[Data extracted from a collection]
----------------------------------------

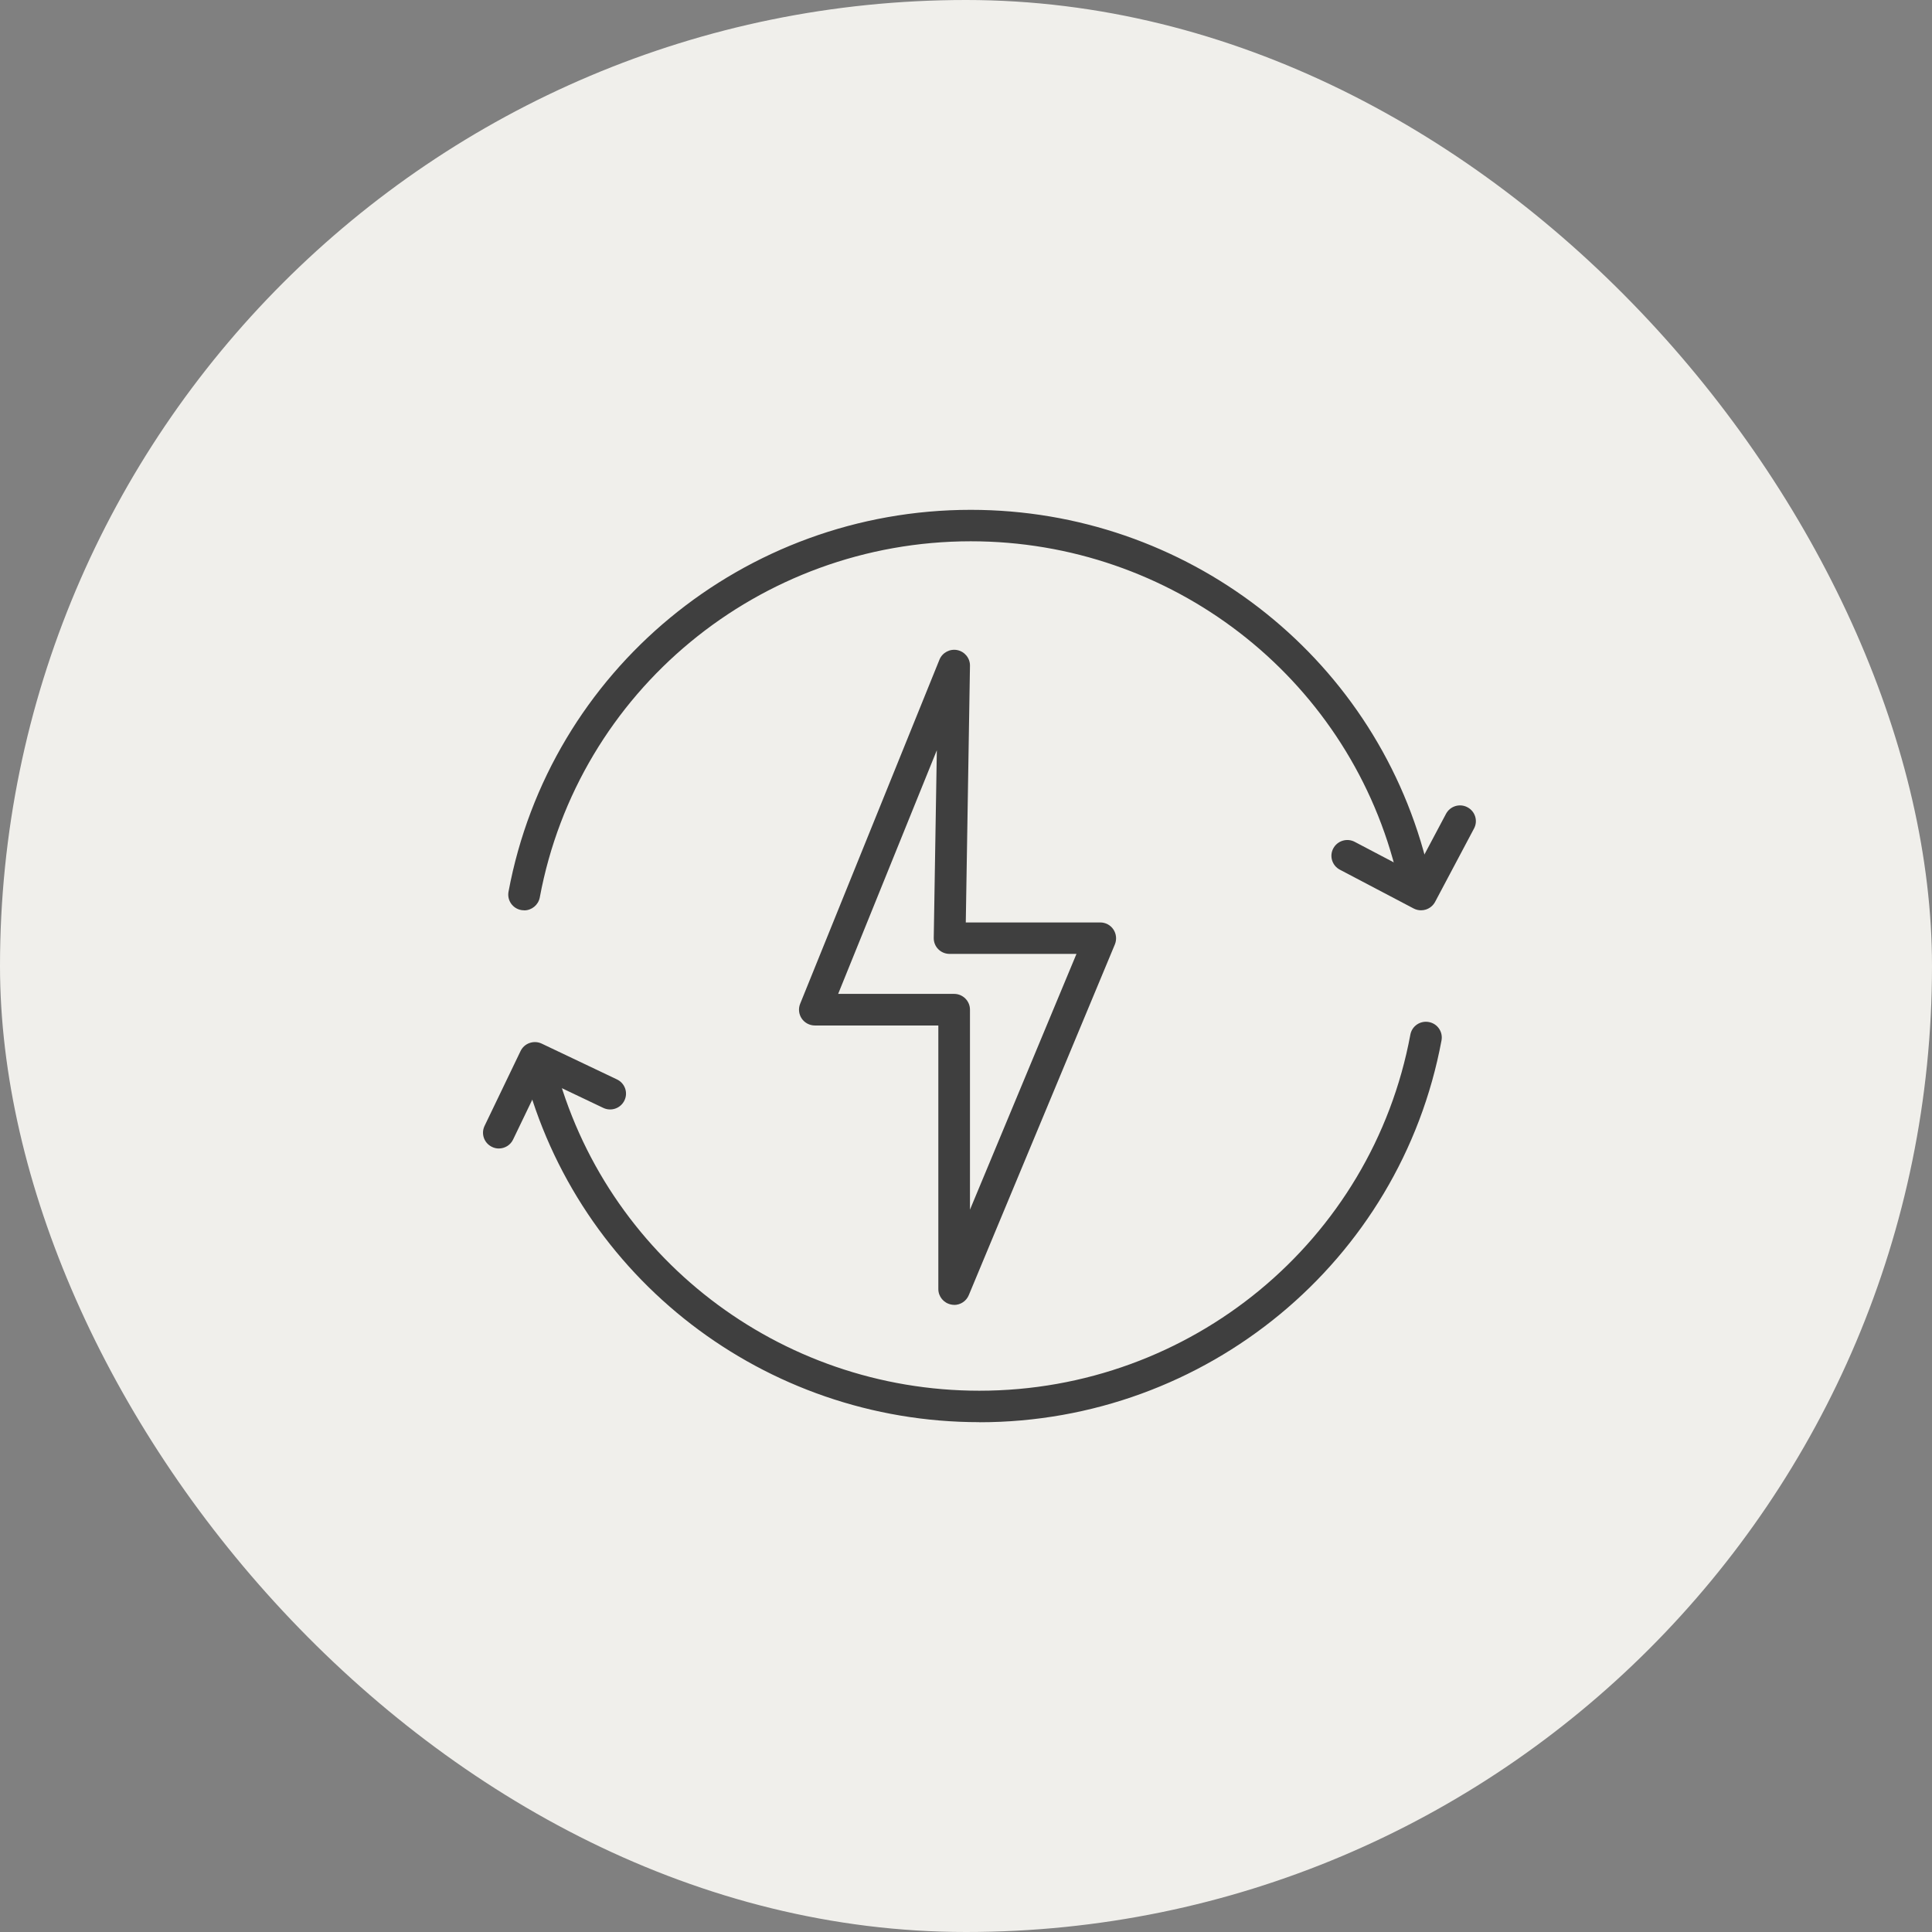 <svg width="72" height="72" viewBox="0 0 72 72" fill="none" xmlns="http://www.w3.org/2000/svg">
<rect x="0" y="0" width="72" height="72" fill="#808080" stroke="none"/>
<rect width="72" height="72" rx="36" fill="#F0EFEB"/>
<g clip-path="url(#clip0_3633_1073)">
<path d="M35.56 48.628C35.522 48.628 35.483 48.625 35.445 48.616C35.167 48.56 34.969 48.319 34.969 48.04V38.217H30.369C30.174 38.217 29.987 38.12 29.878 37.959C29.769 37.797 29.745 37.591 29.819 37.409L35.011 24.583C35.117 24.322 35.398 24.172 35.675 24.227C35.953 24.283 36.154 24.53 36.148 24.812L35.992 34.377H41.003C41.201 34.377 41.384 34.474 41.493 34.638C41.603 34.803 41.623 35.008 41.55 35.191L36.104 48.266C36.012 48.49 35.794 48.631 35.557 48.631L35.56 48.628ZM31.24 37.039H35.557C35.882 37.039 36.148 37.303 36.148 37.626V45.081L40.117 35.549H35.389C35.229 35.549 35.078 35.487 34.966 35.373C34.854 35.261 34.795 35.108 34.798 34.95L34.913 27.959L31.237 37.036L31.24 37.039Z" fill="#3F3F3F"/>
<path d="M19.534 33.924C19.498 33.924 19.462 33.921 19.424 33.915C19.102 33.856 18.892 33.551 18.951 33.231C20.488 24.985 27.73 19 36.178 19C44.176 19 51.153 24.371 53.144 32.064C53.227 32.378 53.035 32.699 52.719 32.778C52.403 32.86 52.081 32.669 51.998 32.355C50.142 25.182 43.636 20.172 36.178 20.172C28.3 20.175 21.546 25.755 20.116 33.445C20.062 33.727 19.814 33.927 19.536 33.927L19.534 33.924Z" fill="#3F3F3F"/>
<path d="M36.497 53C28.499 53 21.523 47.629 19.531 39.936C19.448 39.622 19.64 39.301 19.956 39.222C20.273 39.143 20.595 39.331 20.677 39.645C22.533 46.818 29.04 51.828 36.497 51.828C44.375 51.828 51.13 46.248 52.56 38.558C52.619 38.238 52.926 38.029 53.248 38.088C53.57 38.147 53.78 38.452 53.721 38.772C52.187 47.017 44.942 53.003 36.497 53.003V53Z" fill="#3F3F3F"/>
<path d="M18.59 42.801C18.505 42.801 18.419 42.783 18.336 42.742C18.041 42.601 17.917 42.252 18.059 41.958L19.4 39.169C19.468 39.028 19.589 38.919 19.737 38.869C19.885 38.817 20.047 38.825 20.189 38.893L22.993 40.227C23.289 40.368 23.413 40.718 23.271 41.011C23.129 41.305 22.777 41.429 22.482 41.288L20.21 40.206L19.122 42.466C19.022 42.678 18.809 42.801 18.588 42.801H18.59Z" fill="#3F3F3F"/>
<path d="M52.956 33.924C52.861 33.924 52.767 33.901 52.681 33.856L49.933 32.411C49.643 32.258 49.534 31.902 49.688 31.617C49.841 31.332 50.199 31.221 50.486 31.373L52.713 32.543L53.889 30.328C54.043 30.04 54.401 29.931 54.687 30.084C54.977 30.236 55.086 30.592 54.932 30.877L53.482 33.61C53.408 33.748 53.284 33.851 53.133 33.898C53.077 33.915 53.018 33.924 52.959 33.924H52.956Z" fill="#3F3F3F"/>
</g>
<defs>
<clipPath id="clip0_3633_1073">
<rect width="37" height="34" fill="white" transform="translate(18 19)"/>
</clipPath>
</defs>
</svg>

----------------------------------------

Copy all the lines of data exactly as they appear, dropping any images.

* OUTPUT FOR THIS EXERCISE:
 <svg width="72" height="72" viewBox="0 0 72 72" fill="none" xmlns="http://www.w3.org/2000/svg">
<rect x="0" y="0" width="72" height="72" fill="#808080" stroke="none"/>
<rect width="72" height="72" rx="36" fill="#F0EFEB"/>
<g clip-path="url(#clip0_3633_1073)">
<path d="M35.56 48.628C35.522 48.628 35.483 48.625 35.445 48.616C35.167 48.56 34.969 48.319 34.969 48.04V38.217H30.369C30.174 38.217 29.987 38.12 29.878 37.959C29.769 37.797 29.745 37.591 29.819 37.409L35.011 24.583C35.117 24.322 35.398 24.172 35.675 24.227C35.953 24.283 36.154 24.53 36.148 24.812L35.992 34.377H41.003C41.201 34.377 41.384 34.474 41.493 34.638C41.603 34.803 41.623 35.008 41.55 35.191L36.104 48.266C36.012 48.49 35.794 48.631 35.557 48.631L35.56 48.628ZM31.24 37.039H35.557C35.882 37.039 36.148 37.303 36.148 37.626V45.081L40.117 35.549H35.389C35.229 35.549 35.078 35.487 34.966 35.373C34.854 35.261 34.795 35.108 34.798 34.95L34.913 27.959L31.237 37.036L31.24 37.039Z" fill="#3F3F3F"/>
<path d="M19.534 33.924C19.498 33.924 19.462 33.921 19.424 33.915C19.102 33.856 18.892 33.551 18.951 33.231C20.488 24.985 27.73 19 36.178 19C44.176 19 51.153 24.371 53.144 32.064C53.227 32.378 53.035 32.699 52.719 32.778C52.403 32.86 52.081 32.669 51.998 32.355C50.142 25.182 43.636 20.172 36.178 20.172C28.3 20.175 21.546 25.755 20.116 33.445C20.062 33.727 19.814 33.927 19.536 33.927L19.534 33.924Z" fill="#3F3F3F"/>
<path d="M36.497 53C28.499 53 21.523 47.629 19.531 39.936C19.448 39.622 19.64 39.301 19.956 39.222C20.273 39.143 20.595 39.331 20.677 39.645C22.533 46.818 29.04 51.828 36.497 51.828C44.375 51.828 51.13 46.248 52.56 38.558C52.619 38.238 52.926 38.029 53.248 38.088C53.57 38.147 53.78 38.452 53.721 38.772C52.187 47.017 44.942 53.003 36.497 53.003V53Z" fill="#3F3F3F"/>
<path d="M18.59 42.801C18.505 42.801 18.419 42.783 18.336 42.742C18.041 42.601 17.917 42.252 18.059 41.958L19.4 39.169C19.468 39.028 19.589 38.919 19.737 38.869C19.885 38.817 20.047 38.825 20.189 38.893L22.993 40.227C23.289 40.368 23.413 40.718 23.271 41.011C23.129 41.305 22.777 41.429 22.482 41.288L20.21 40.206L19.122 42.466C19.022 42.678 18.809 42.801 18.588 42.801H18.59Z" fill="#3F3F3F"/>
<path d="M52.956 33.924C52.861 33.924 52.767 33.901 52.681 33.856L49.933 32.411C49.643 32.258 49.534 31.902 49.688 31.617C49.841 31.332 50.199 31.221 50.486 31.373L52.713 32.543L53.889 30.328C54.043 30.04 54.401 29.931 54.687 30.084C54.977 30.236 55.086 30.592 54.932 30.877L53.482 33.61C53.408 33.748 53.284 33.851 53.133 33.898C53.077 33.915 53.018 33.924 52.959 33.924H52.956Z" fill="#3F3F3F"/>
</g>
<defs>
<clipPath id="clip0_3633_1073">
<rect width="37" height="34" fill="white" transform="translate(18 19)"/>
</clipPath>
</defs>
</svg>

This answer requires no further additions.